Empower lay leadership. In my seven years of involvement with the Buffalo Mass Mob, and writing about most of the Mass Mob churches, I’ve been struck by the wide variation in the quality of clergy at the churches. But equally significant is the variation in the quality of lay leadership and lay organization. Churches with a stronger tradition of lay leadership are much more resilient, and are also better able to help their priests be of service, than churches without. Churches with stronger, better organized lay leadership are also better able to resist bad decisions by diocesan leadership that, sadly, seems to have developed a culture of looking for the easy way out and the path of least resistance when faced with tough situations. Empowered laity can better provide the service to others that is the original mission of the church, and also serve as a counterpoint to poor leadership in the church hierarchy.
Organize organized organizers. As Rev. Rooney showed in his lecture, one of the most powerful lessons of the life and ministry of St. Vincent de Paul is the importance of organization. After the publication of The 7 Habits of Highly Effective People, by Stephen Covey, “Covey Clubs” were all the rage, especially among business people who read the book and wanted to share and discuss its lessons with others. In a way, St. Vincent de Paul was a prototype of Covey, and the church “enterprises” formed by him and his associates didn’t just practice good organization but taught it.

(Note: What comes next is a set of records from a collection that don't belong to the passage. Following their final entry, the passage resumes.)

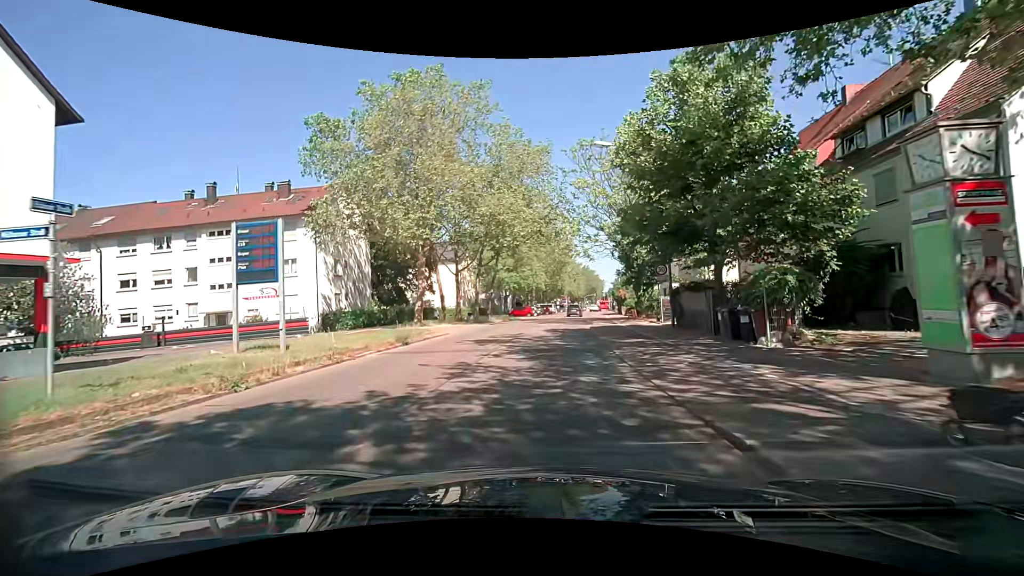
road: secondary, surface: asphalt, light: Day
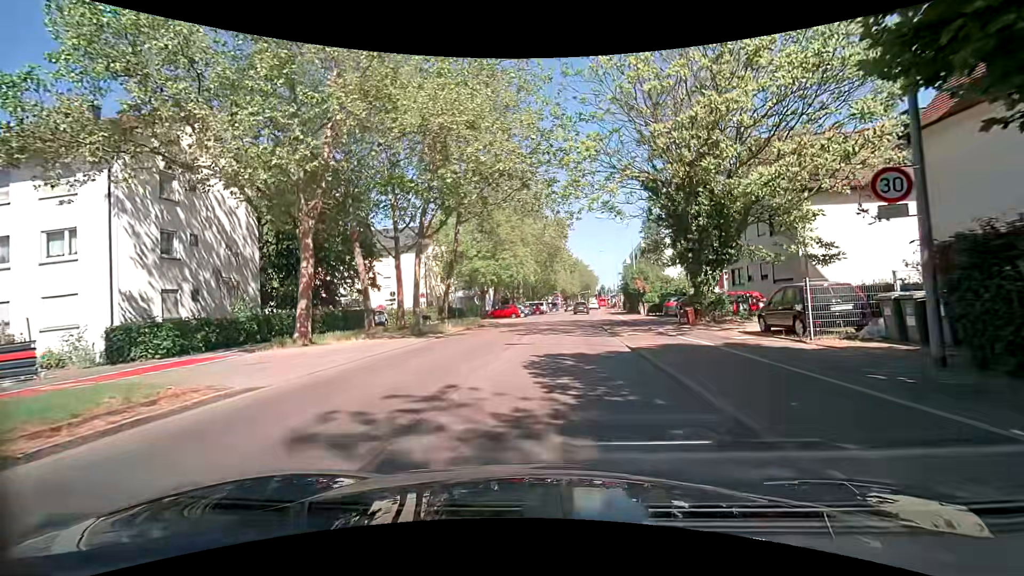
(-0.1, +17.2) m; +1°
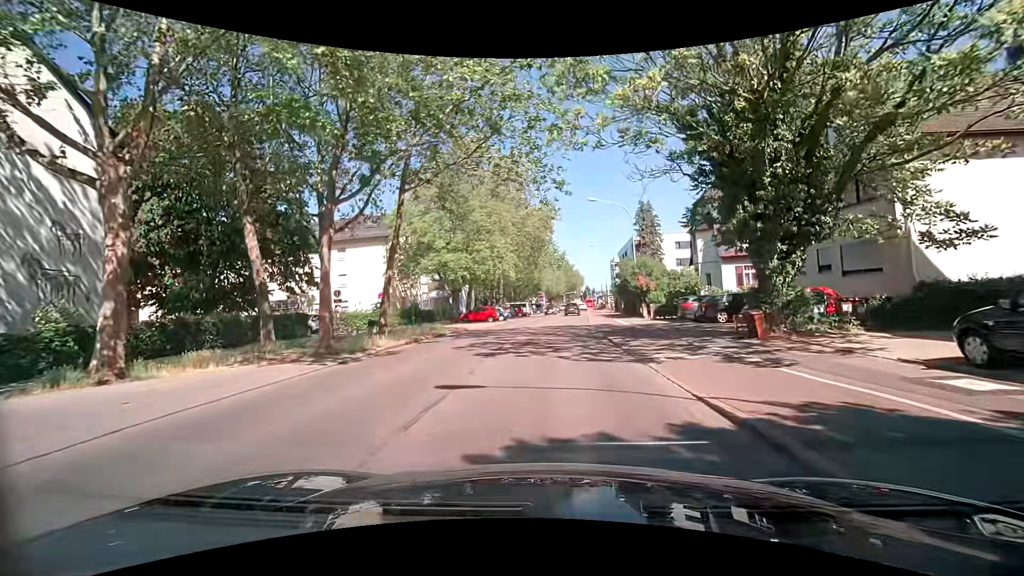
(0.0, +8.6) m; +1°
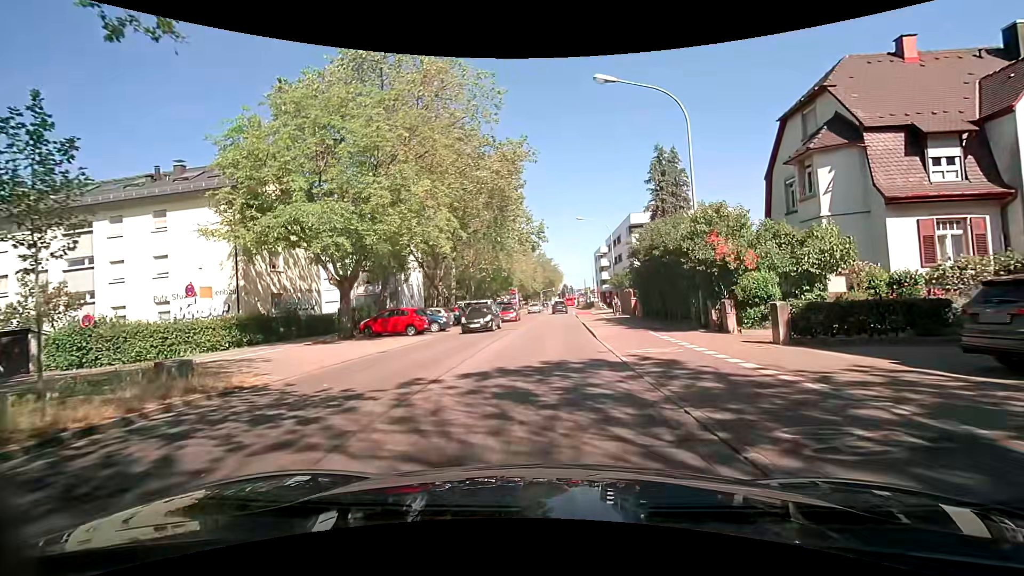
(+0.6, +21.2) m; +5°
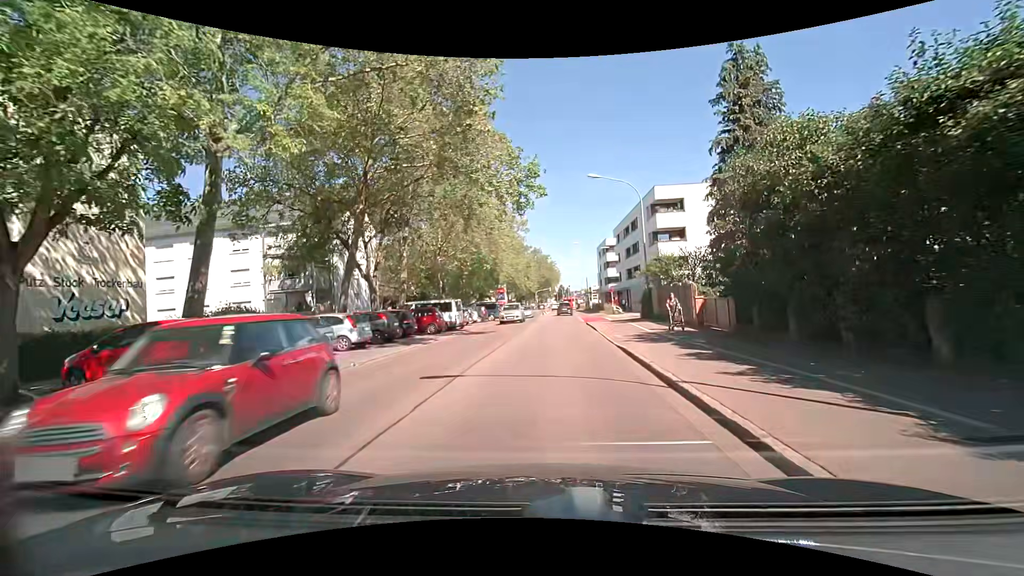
(-0.6, +16.9) m; -1°
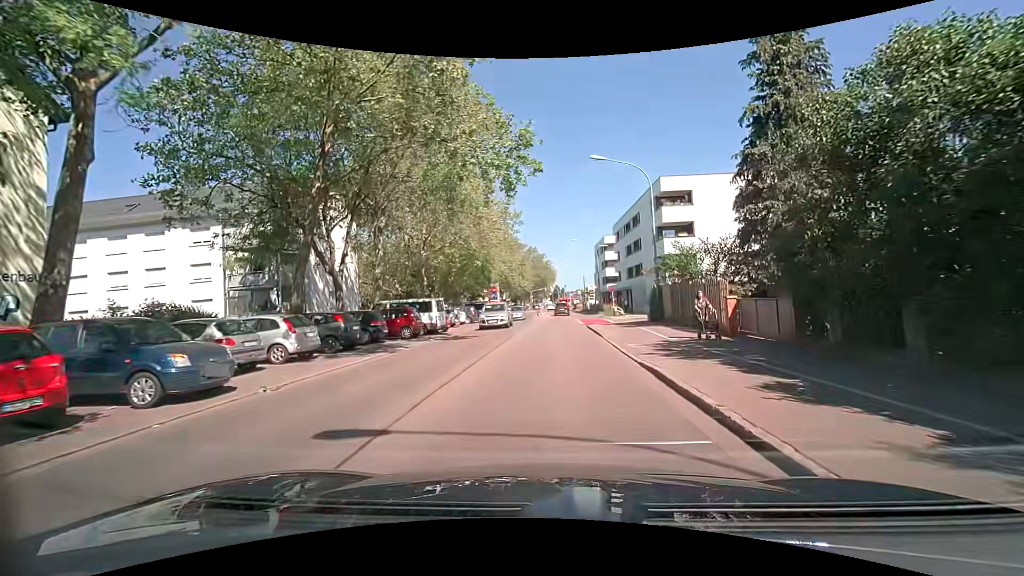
(0.0, +4.2) m; +1°
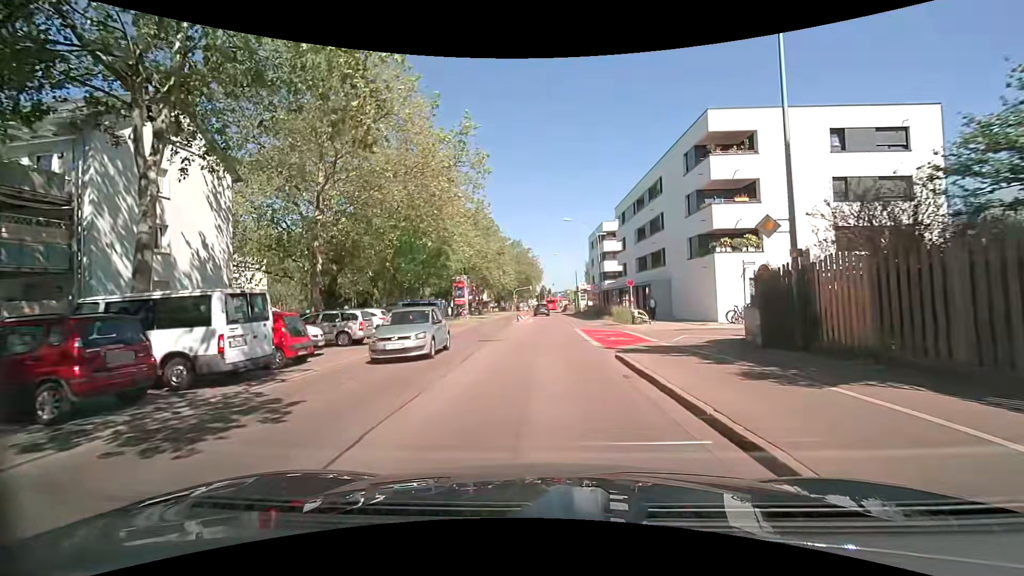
(+0.1, +16.8) m; +1°
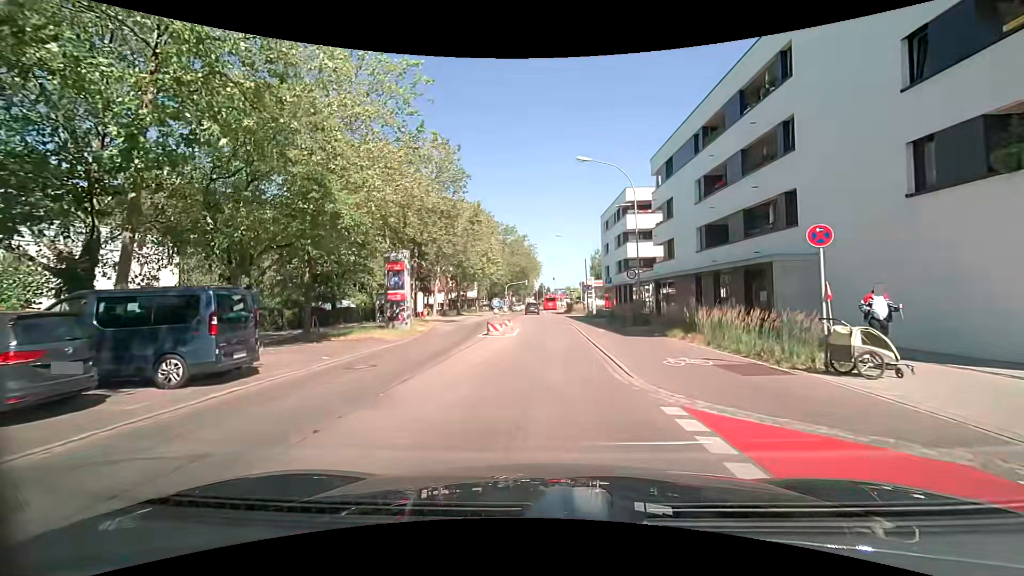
(-0.1, +21.0) m; 0°

One of the things I’ve discovered in writing about churches is that lay Catholics have fallen far behind in their ability to organize. One happy exception: the effort to keep St. Adalbert’s Church and Basilica from closing could be a case study in lay organization, were the wonderful but modest people involved willing to talk publicly about it. But unfortunately, the recent effort to keep another prominent church from closing that crumbled in large part due to leadership failures is – in my experience – more the norm than the exception.
Everywhere I find Catholics, I find Catholics bitter and even traumatized over the decisions the Diocese has made in recent decades and the way they and their churches have been treated by their church hierarchy and clergy. At the same time, I find few Catholics ready, willing, and able to organize any effective opposition to specific situations or the state of things in general. Instead, there seems to be a sense of resignation and even learned helplessness. Even Catholics who question the motives and leadership of the Movement to Restore Trust – rightly or wrongly – show no signs of organizing a lay initiative that might better represent them and their concerns.
When I lived in Rochester, a coalition of Black churches organized a week-long training in non-violent organizing co-led by Dr. Bernard Lafayette, who was an organizer with Dr. King in Memphis. I took the training, and learned a lot from it. Catholics need to do the same: organizing fellow Catholics and moreover teaching them about organizing. Perhaps the Vincentians would find this a suitable part of their local mission.
What must be done? For starters, creating a new crop of Catholic leaders who are continually asking, “What must be done?”
Note: The Church on Fire: Stay With Us! Lecture and Concert Series has been postponed due to the coronavirus crisis. This includes the lecture by Sister Helen Prejean. According to organizer Michael Pitek, “New dates will be communicated once we are able to responsibly reschedule them.”